Cut to present day and Grimm has aged so badly he now resembles a 29-year-old Jamie Bell, while Reed has become the kid from Whiplash. Reed sets off to New York to take up his studies, not at the Shaffer Music Conservatory, but at the Baxter Building, home of the world's greatest scientific minds, having been discovered by Franklin Storm, a kind of Nick Fury for science nerds. There he is given free reign to develop his teleportation device - which transports matter not to a location on earth but to another dimension - working alongside Storm's daughter Sue (Kate Mara) and son Johnny (Michael B Jordan). Also joining them is Victor von Doom, who seems to be angry at the world for reasons never quite made clear; maybe he should be angry at his parents for leaving him with a name like Victor von Doom.
After a couple of montages of welding, bolting and hammering away furiously on keyboards, the team perfect the device, sending an extra from Dawn of the Planet of the Apes to and from the mysterious dimension successfully. It's time to send humans through, but those spoilsports at NASA want to send professional astronauts rather than Reed and his buddies. Having none of this, Victor, Reed and Johnny get wasted (a single hip flask is laughably all it takes between all three) and decide to break on through to the other side, bringing along Ben, whom the scriptwriters seemingly couldn't find a role for prior to this. As you'd expect, and as you already know, BECAUSE EVERYONE IN THE WESTERN HEMISPHERE IS FAMILIAR WITH THIS STORY, their trip doesn't go well. Leaving Victor behind, seemingly drowned in green lava, the other three return, transformed into The Thing, The Human Torch, and Mr. Fantastic. For some reason that isn't entirely made clear, Sue becomes The Invisible Woman despite not having joined the boys on their inter-dimensional journey.

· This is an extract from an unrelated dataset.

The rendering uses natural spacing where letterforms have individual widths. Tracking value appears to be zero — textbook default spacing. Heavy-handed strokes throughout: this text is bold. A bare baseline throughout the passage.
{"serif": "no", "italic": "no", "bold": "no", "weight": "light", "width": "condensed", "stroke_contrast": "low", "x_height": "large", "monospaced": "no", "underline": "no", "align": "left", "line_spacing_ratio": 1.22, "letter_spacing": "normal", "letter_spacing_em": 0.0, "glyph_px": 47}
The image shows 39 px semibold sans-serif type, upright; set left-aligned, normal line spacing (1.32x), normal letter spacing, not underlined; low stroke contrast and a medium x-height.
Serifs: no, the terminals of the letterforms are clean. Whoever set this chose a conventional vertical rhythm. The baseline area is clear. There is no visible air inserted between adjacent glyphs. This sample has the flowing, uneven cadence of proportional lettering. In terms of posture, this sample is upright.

Up to the point I've described, the movie isn't all that bad, thanks to the quality quartet of actors at work. It's refreshing to see protagonists whose skill comes from their intellect rather than their physical power. Though they spout a lot of techno-babble, the characters do somewhat convince us of their intelligence. 

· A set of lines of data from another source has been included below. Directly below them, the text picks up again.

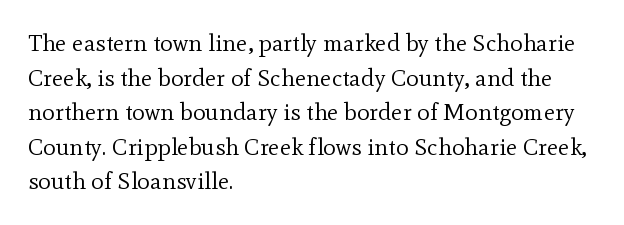
The image shows 24 px text type, upright; set left-aligned, normal line spacing (1.44x), normal letter spacing, not underlined.
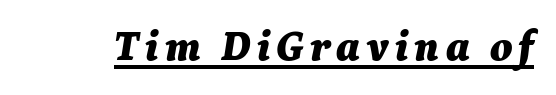
This is oblique type, the kind used for emphasis or titles. The passage shown is underscored from start to finish. The sample has been set heavy, in full bold. Is this a fixed-width face? No — the glyphs have proportional, varying widths.
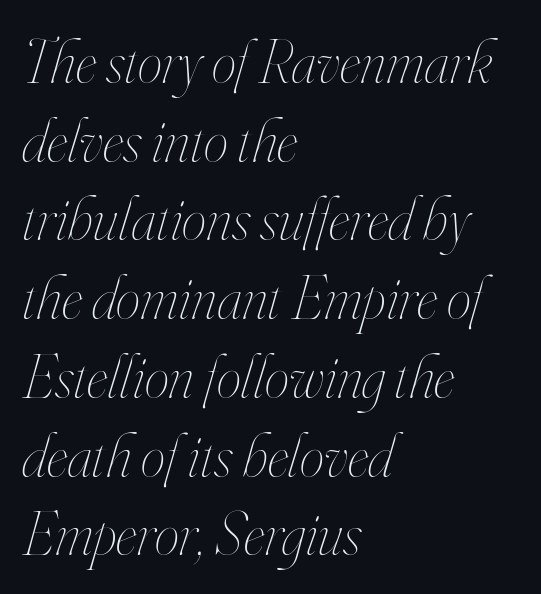
Q: Is the text bold? A: No.
Q: Is the text italic (slanted)? A: Yes, it leans right by about 16 degrees.
Q: Is the text underlined? A: No.
Q: How is the paragraph aligned? A: Left-aligned.
Q: Is the spacing between letters normal or unusually wide? A: Normal.
Q: Is the spacing between lines tight, normal or loose? A: Normal.
Q: Width (condensed, normal, or wide)? A: Condensed.
Q: Stroke contrast? A: High.
Q: x-height? A: Small.
Q: Monospaced? A: No.
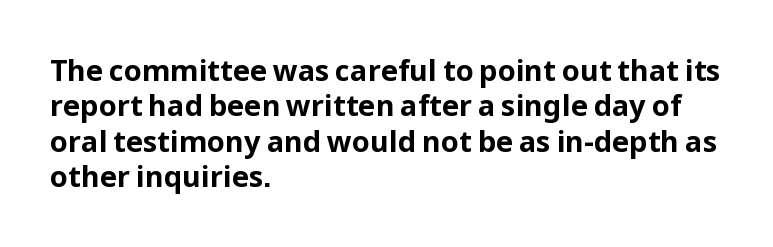
Q: Is the text bold? A: Yes.
Q: Is the text italic (slanted)? A: No, it is upright.
Q: Is the typeface a serif or a sans-serif typeface? A: Sans-serif.
Q: Is the text underlined? A: No.
Q: How is the paragraph aligned? A: Left-aligned.
Q: Is the spacing between letters normal or unusually wide? A: Normal.
Q: Width (condensed, normal, or wide)? A: Normal.
Q: Stroke contrast? A: Low.
Q: x-height? A: Medium.
Q: Monospaced? A: No.

The movie's most interesting character is Ben, but the writers seem conflicted in how to portray him, and there's a point in the movie where you feel he has more reason to ultimately become the story's villain than Doom, who is a shell of a character. The most interesting part of Doom is his initial appearance, made up to resemble screenwriter Max Landis, who director Josh Trank publicly fell out with following their collaboration on Chronicle. Ben's relationship to Reed is a lot like his namesake Affleck's friendship with Matt Damon in Good Will Hunting, and an early scene has Ben tell Reed how the Baxter Building is his friend's natural home. Bell plays it wonderfully, his face telling us his pride is tempered with his belief that his friend has outgrown him. Sadly, there's nothing else in the movie to match this moment in terms of depth.

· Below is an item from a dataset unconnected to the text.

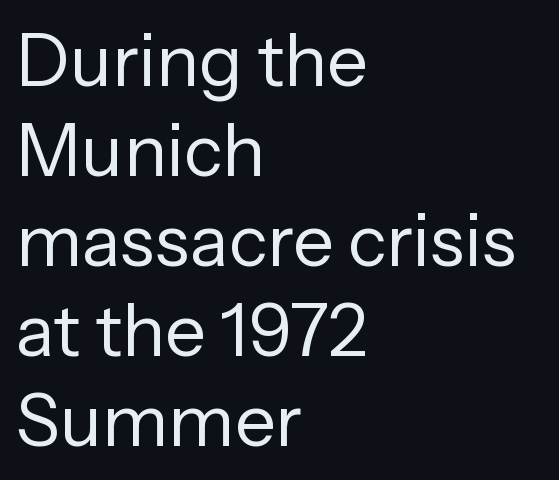
{"serif": "no", "italic": "no", "bold": "no", "weight": "regular", "width": "normal", "stroke_contrast": "low", "x_height": "medium", "monospaced": "no", "underline": "no", "align": "left", "line_spacing": "normal", "line_spacing_ratio": 1.25, "letter_spacing": "normal", "letter_spacing_em": 0.0, "glyph_px": 72}

A common complaint about comic book adaptations is how visually uninteresting they are, and with 90% of the movie set in a laboratory, Fantastic Four leads us to wonder in bemusement at where its $122 million budget was spent. More than any other big budget movie in recent memory, Josh Trank's film resembles a TV pilot, one for a series that will never be allowed to play out. A sequel is scheduled for 2017, but everyone expects Marvel to get their hands on this property, now owned by Fox, which means in a few years time we get to sit through this origin story yet again. Don't empty the ashcan just yet.